• [DATA FOR ANALYSIS]:
##############################
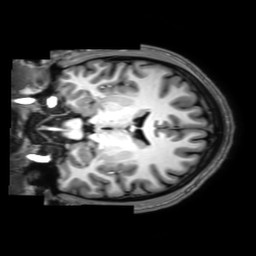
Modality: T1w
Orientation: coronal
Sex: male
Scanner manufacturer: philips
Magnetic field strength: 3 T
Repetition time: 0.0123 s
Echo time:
##############################
The material above must be reproduced line for line, with the images omitted.

• [RESULT FOR THIS TASK]:
Modality: T1w
Orientation: coronal
Sex: male
Scanner manufacturer: philips
Magnetic field strength: 3 T
Repetition time: 0.0123 s
Echo time:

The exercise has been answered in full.